The launch in Mio is a good place to start but often there is heavy pressure. You can easily wade up river from Commins flats, water is shallow for quite a ways so you won't get wet. Perry Creek is an excellent access point with less likely hood of having 10 other guys near by. Trout unlimited has put in numerous trees as Trout Habitat, be a little more careful here though, potential to get wet is there. Like said before there are also a couple primitive camp sites that allow you to drive right up to the river. If you are after lots of action and not concerned about size, concentrate on Commins Flats and the launch in Mio, that is where they dump the plants and the fish stay around for a long time. If you are more concerned with catching a pig or two, happy hunting....


----------



## Stephen (Jan 5, 2003)

Guys,
Thanks for all the help. I've caught enough stockers in my life to...well you know the rest, so I guess I'll jump in and start hunting for the pigs. Any advice on fishing the drakes down there? Same timing / patterns for the upper river? Thanks again.
Steve


----------



## unregistered55 (Mar 12, 2000)

I've caught enough stockers in my life to...well you know the rest,

What "stockers" are you refering to? As far as I know the Ausable system is a wild trout fishery-there's no stocking. On the east branch in Grayling there's a a kids only fishing stretch that may be stocked but that's about it.


----------



## brookid (Aug 25, 2004)

...In alcona county alone they've dumped 41,000 fish into the system...check the 2005 stocking reports...

Brookid


----------



## Banditto (Jun 9, 2000)

I have to agree with the latter part of the thread. The water below mio dam is heavily stocked, it is like a starting point for small fish to go out and find a niche. That being said I have only twice caught fish there more than 12", with what feels like thousands of fish in the 5-6" range. 

So my advice is go further downstream than the dam.

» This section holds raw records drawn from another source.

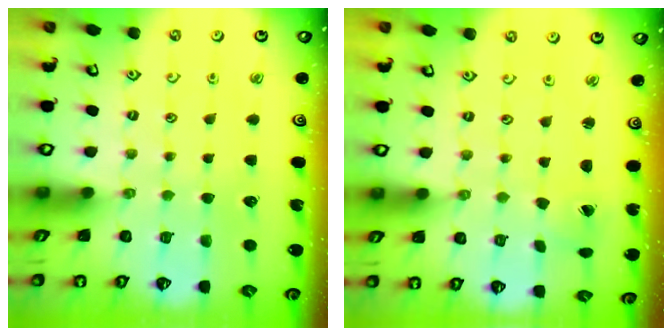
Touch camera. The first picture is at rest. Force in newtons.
{"total": 1.2, "press": 1.2, "slide": 0.1}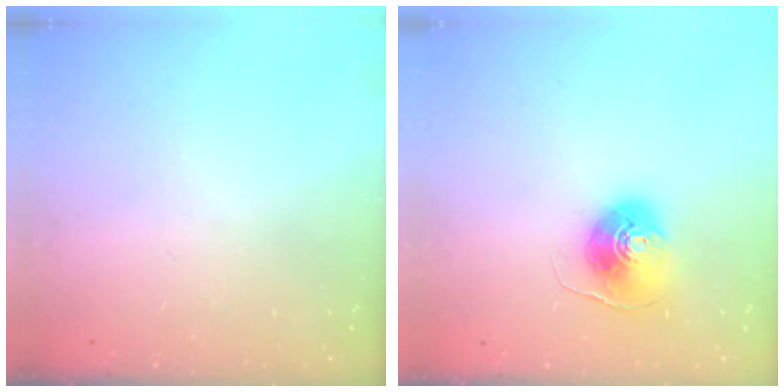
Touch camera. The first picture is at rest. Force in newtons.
{"total": 8.1, "press": 8.1, "slide": 0.3}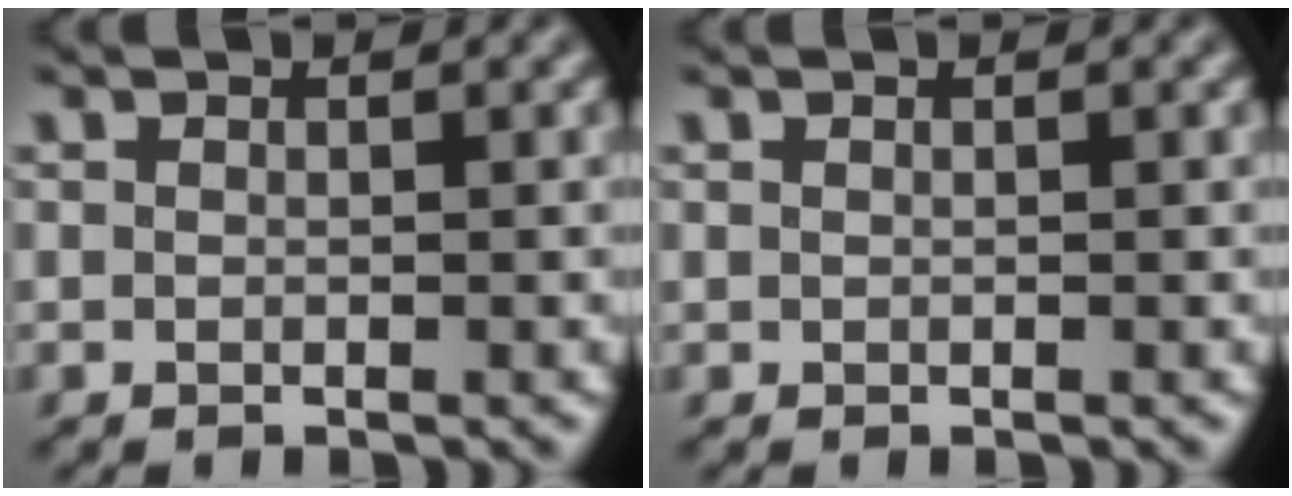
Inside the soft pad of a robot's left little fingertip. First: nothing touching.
{"total": 0.0}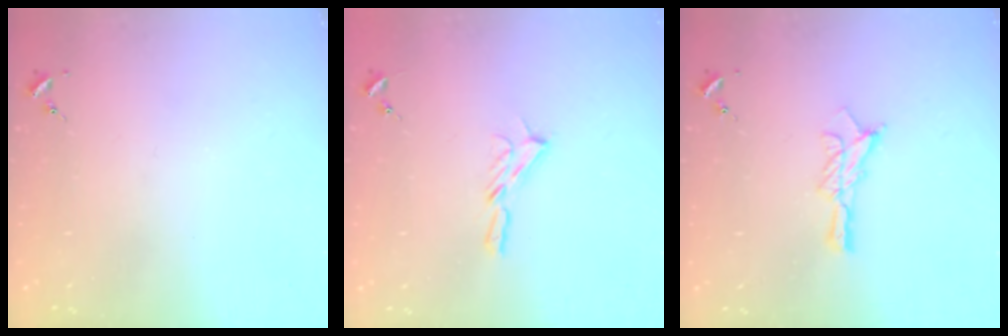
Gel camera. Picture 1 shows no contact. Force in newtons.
{"total": 5.9, "press": 5.9, "slide": 0.5}
{"total": 9.5, "press": 9.5, "slide": 0.4}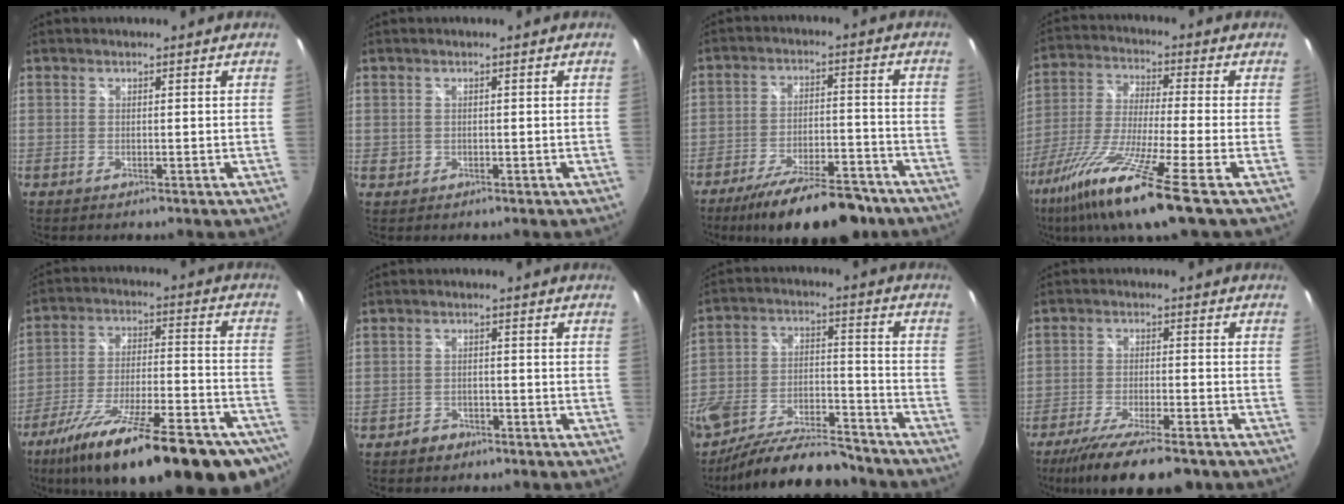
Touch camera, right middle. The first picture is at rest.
{"total": 1.5, "force": [-0.1, 1.5, 0.4], "torque": [-0.004, -0.002, -0.002]}
{"total": 18.0, "force": [-14.3, 5.0, 9.7], "torque": [-0.172, -0.017, -0.206]}
{"total": 16.8, "force": [-9.7, 0.6, 13.7], "torque": [-0.289, -0.047, -0.178]}
{"total": 31.4, "force": [-22.8, 7.5, 20.2], "torque": [-0.321, -0.057, -0.323]}
{"total": 3.0, "force": [-2.2, 2.0, 0.5], "torque": [-0.015, 0.007, -0.031]}
{"total": 17.9, "force": [-13.2, 6.9, 9.8], "torque": [-0.193, -0.016, -0.201]}
{"total": 14.7, "force": [-11.5, 3.1, 8.6], "torque": [-0.172, -0.038, -0.183]}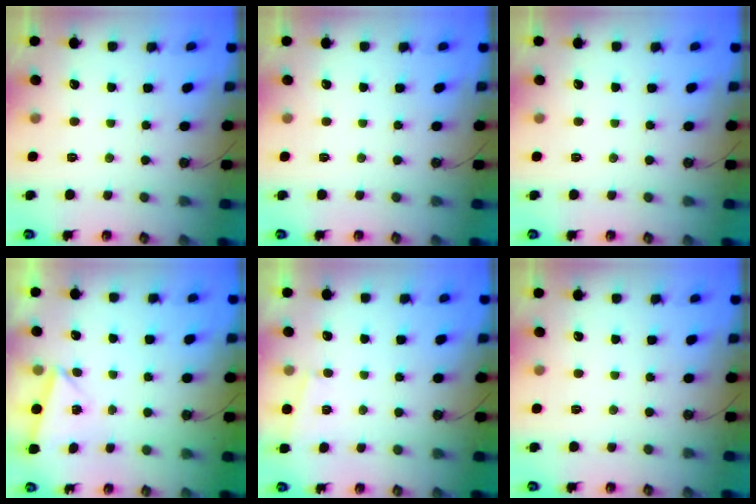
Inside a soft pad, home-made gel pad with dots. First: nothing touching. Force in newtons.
{"total": 0.0}
{"total": 0.0}
{"total": 2.0, "press": 1.9, "slide": 0.7}
{"total": 1.6, "press": 1.0, "slide": 1.2}
{"total": 0.0}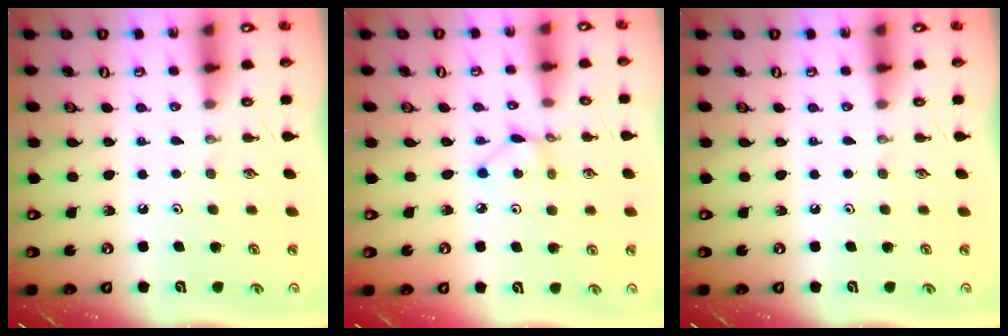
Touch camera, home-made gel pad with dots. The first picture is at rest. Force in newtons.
{"total": 3.1, "press": 3.1, "slide": 0.4}
{"total": 0.0}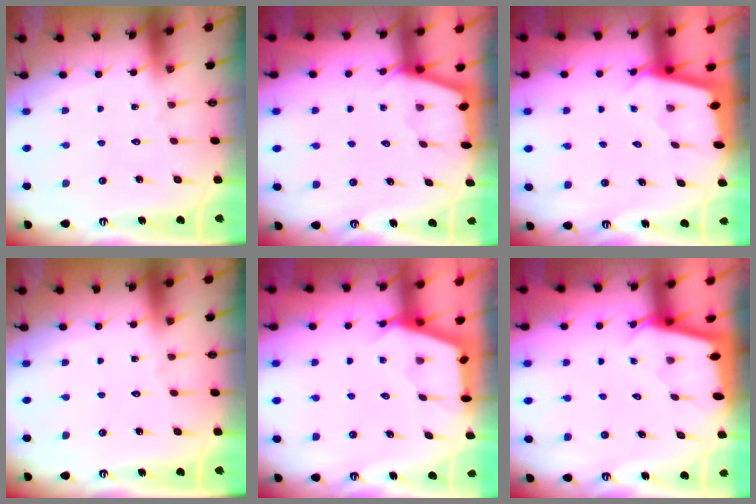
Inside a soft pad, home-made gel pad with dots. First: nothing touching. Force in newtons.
{"total": 1.8, "press": 1.8, "slide": 0.2}
{"total": 1.8, "press": 1.8, "slide": 0.2}
{"total": 0.0}
{"total": 2.8, "press": 2.8, "slide": 0.4}
{"total": 2.3, "press": 2.3, "slide": 0.1}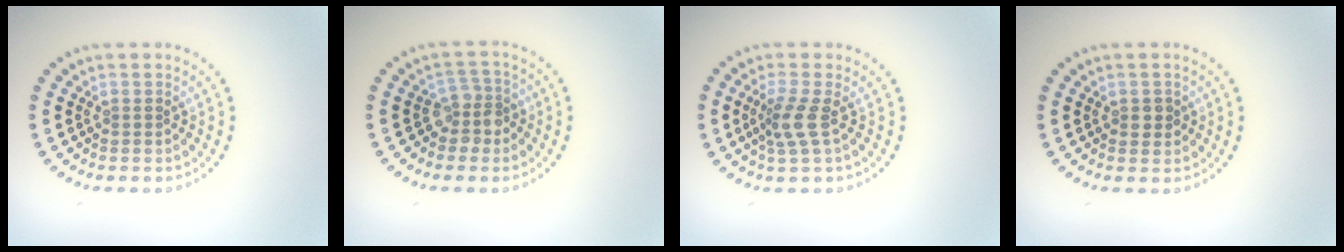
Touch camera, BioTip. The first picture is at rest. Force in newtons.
{"total": 2.5, "press": 2.0, "slide": 1.5}
{"total": 2.4, "press": 1.8, "slide": 1.6}
{"total": 1.3, "press": 1.3, "slide": 0.2}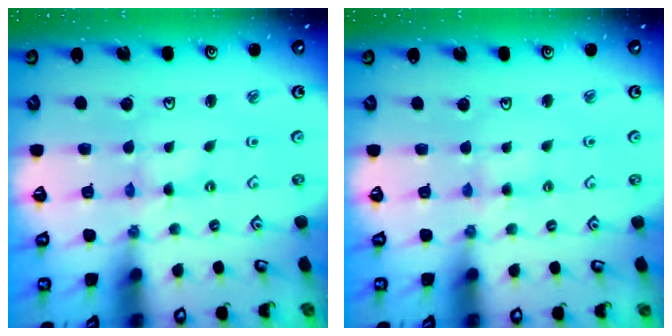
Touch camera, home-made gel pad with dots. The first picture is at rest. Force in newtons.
{"total": 3.0, "press": 2.9, "slide": 0.4}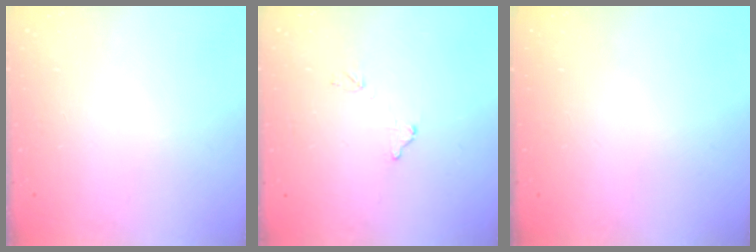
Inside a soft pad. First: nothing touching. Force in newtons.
{"total": 7.7, "press": 7.7, "slide": 0.5}
{"total": 0.0}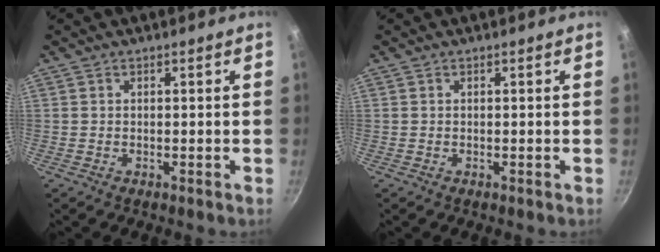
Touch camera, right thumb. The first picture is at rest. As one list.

The road along the south bank is a bit rugged but you'll see more interesting things like bears if you like that sort of thing. 

The Mio dam is a great launch site and nice spot to practice casting because it is extremely wide. Water can be a bit fast at times.

If you really want to fly fish go the extra 30 minutes to the Holy Waters or Mason tract. imo


----------



## Stephen (Jan 5, 2003)

Didn't mean to start a debate on stocking of the Au Sable system, just meant little fish. Sorry, used to fishing the MO. 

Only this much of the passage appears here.